▸ **Instructions to follow**: Below are some records. Print exactly the lines between the one holding "Optic disc-centered; non-mydriatic" and the one holding "Clinical classification: no", inclusive, and nothing else.

▸ **Working data**:
+===+

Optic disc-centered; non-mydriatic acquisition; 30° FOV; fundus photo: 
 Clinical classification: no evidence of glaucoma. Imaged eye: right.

+===+

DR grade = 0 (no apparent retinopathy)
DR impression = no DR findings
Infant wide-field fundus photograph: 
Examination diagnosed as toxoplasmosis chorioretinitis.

+===+

▸ **Result of this task**:
Optic disc-centered; non-mydriatic acquisition; 30° FOV; fundus photo: 
 Clinical classification: no evidence of glaucoma. Imaged eye: right.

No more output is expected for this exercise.